Assignment: Copy the lines below, beginning with the one that contains "names: G Griswold, J" and continuing through the final line, exactly as written and with no other lines.

Data extract:

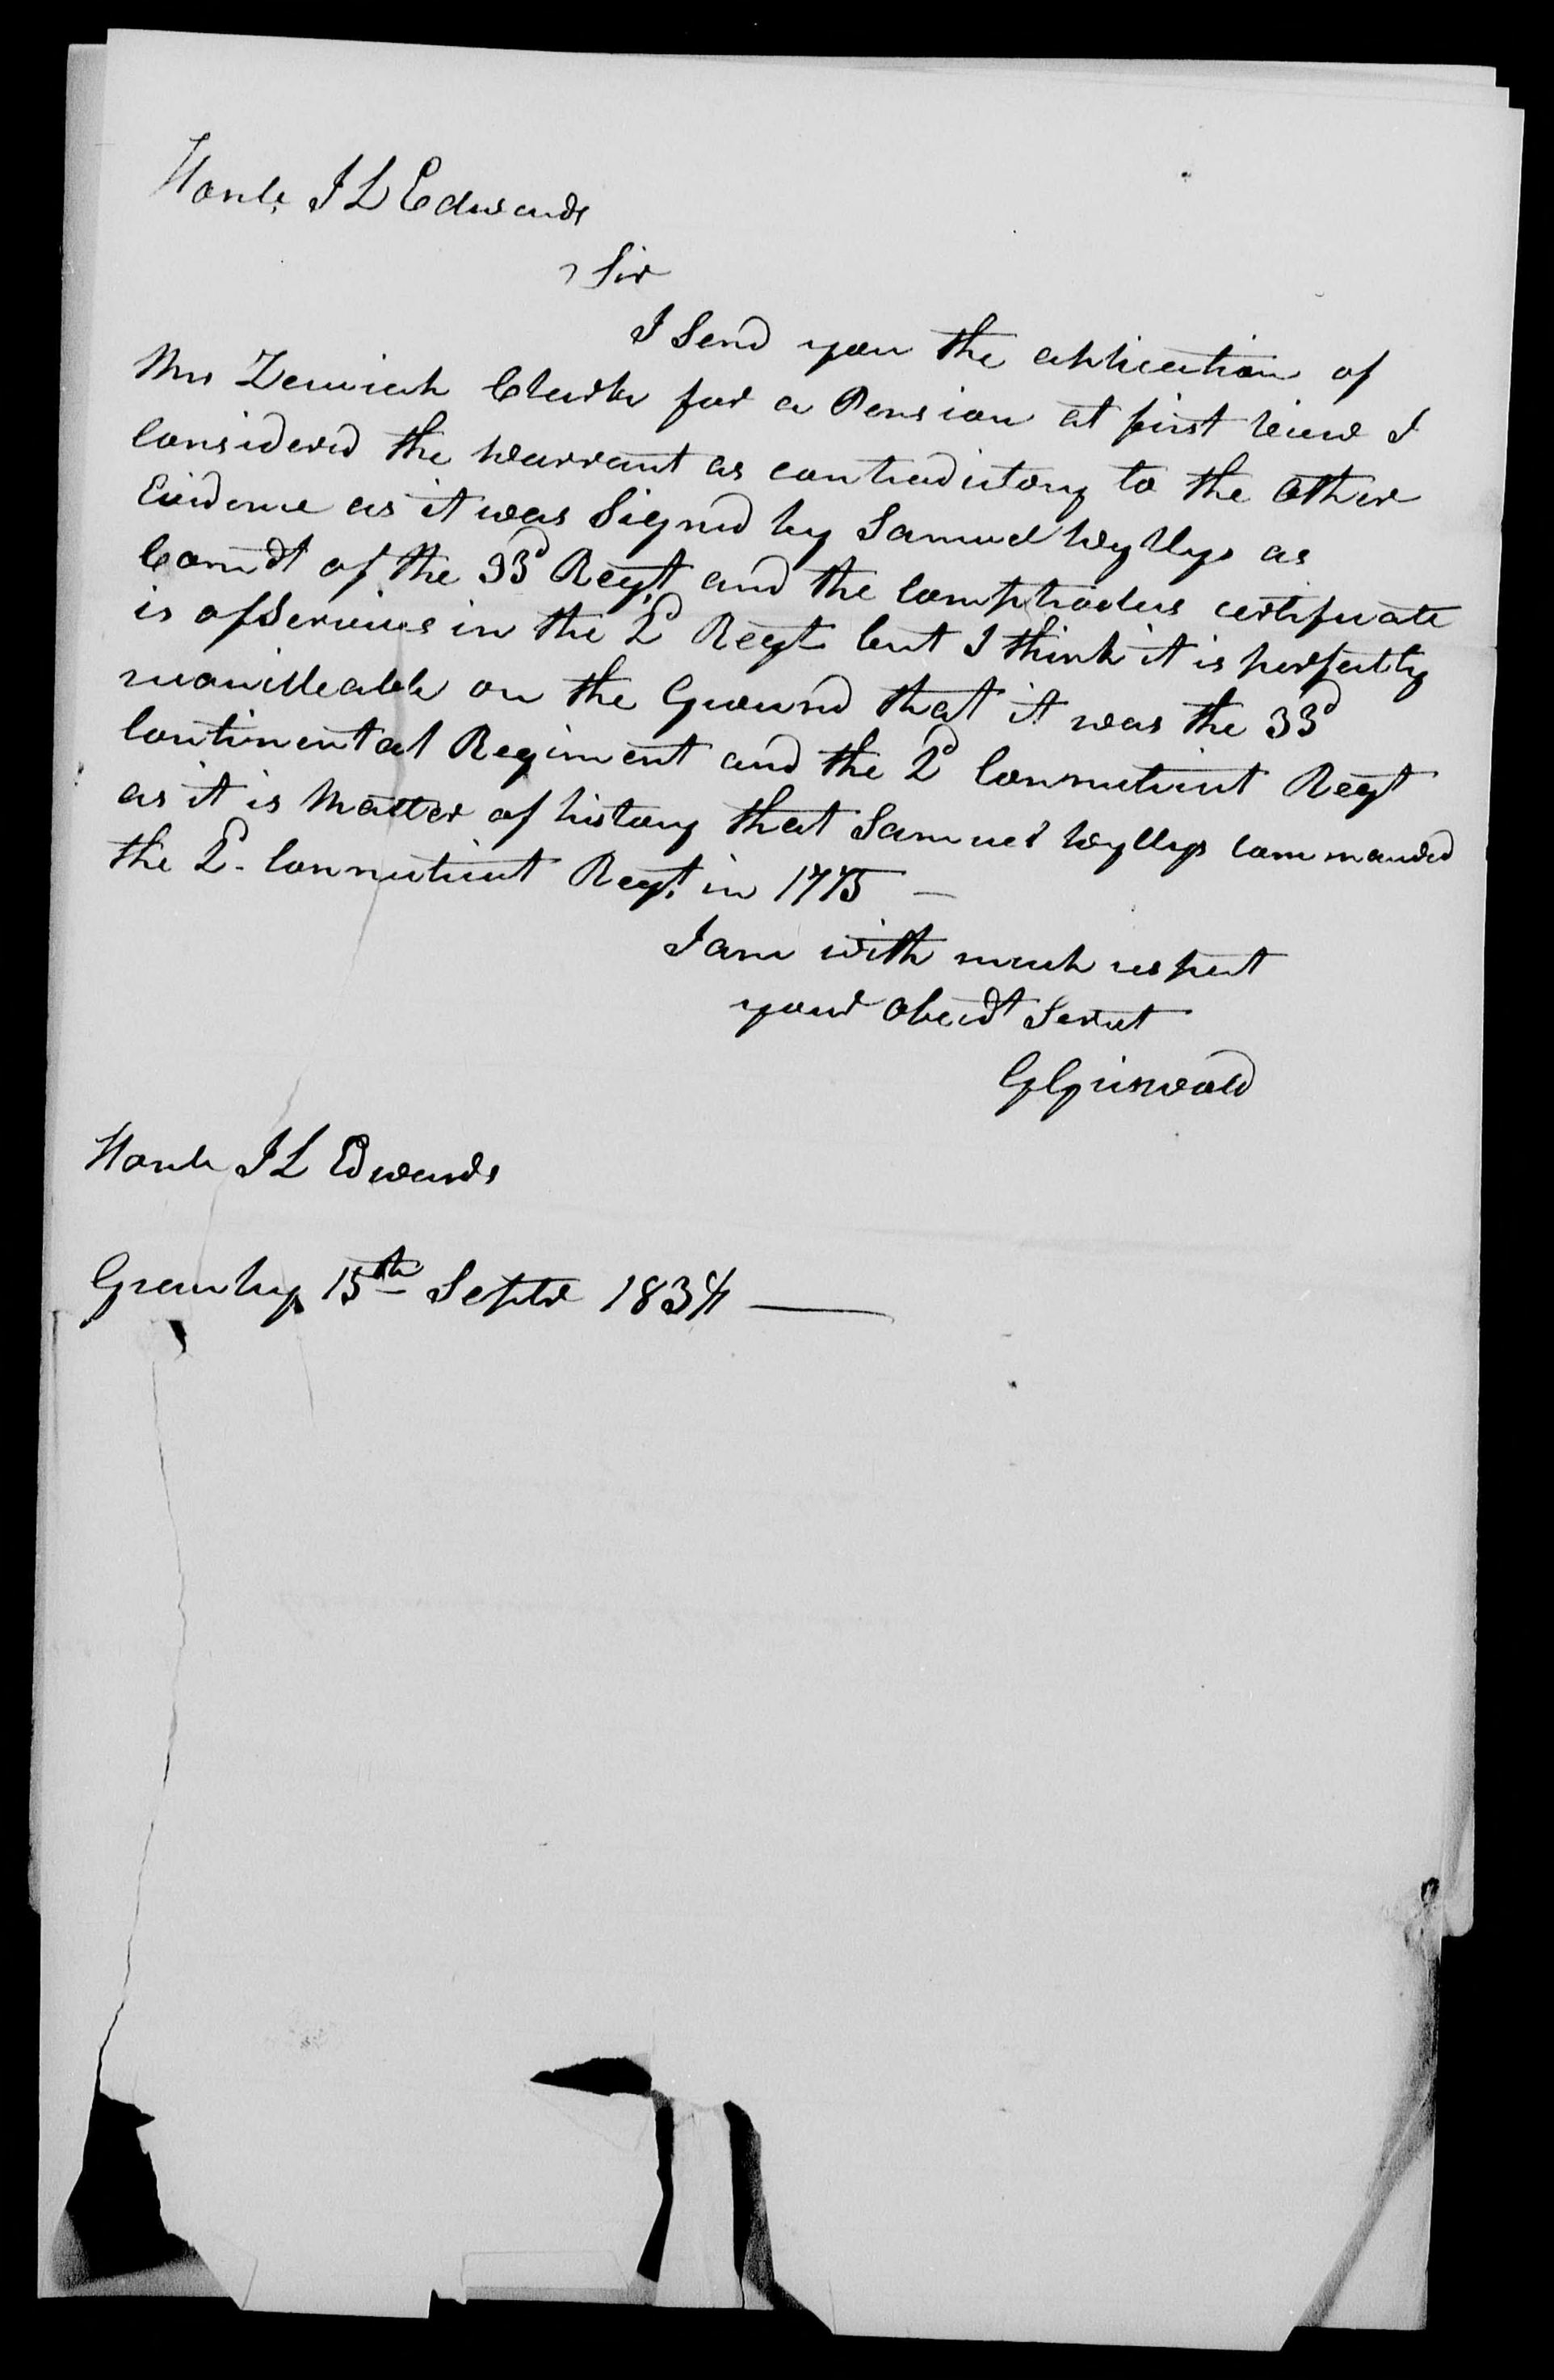[handwritten]
Honle J L Edwards
Sir
I Send you the application of Mrs Zeruiah Clark for a Pension  at first review I considered the warrant as contradictory to the other Evidence as is was Signed by Samuel Wyllys as Comdt of the 33d Regt and the Comptrollers certificate is of Service in the 2d Regt but I think it is perfectly reconcilable on the Ground that it was the 33d Continental Regiment and the 2d Connecticut Regt as it is a Matter of history that Samuel Wyllys Commanded the 2d Connecticut Regt in 1775
I am with much respect your Obedt Servt
[signed] G Griswold
Honb J L Edwards
Granby 15th Septer 1838

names: G Griswold, J L Edwards, Samuel Wyllys, J L Edwards, Samuel Wyllys, Zeruiah Clark
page: 11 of 26
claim: widow's
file: W. 14483, Reuben Clark, Conn.

Expected answer:
names: G Griswold, J L Edwards, Samuel Wyllys, J L Edwards, Samuel Wyllys, Zeruiah Clark
page: 11 of 26
claim: widow's
file: W. 14483, Reuben Clark, Conn.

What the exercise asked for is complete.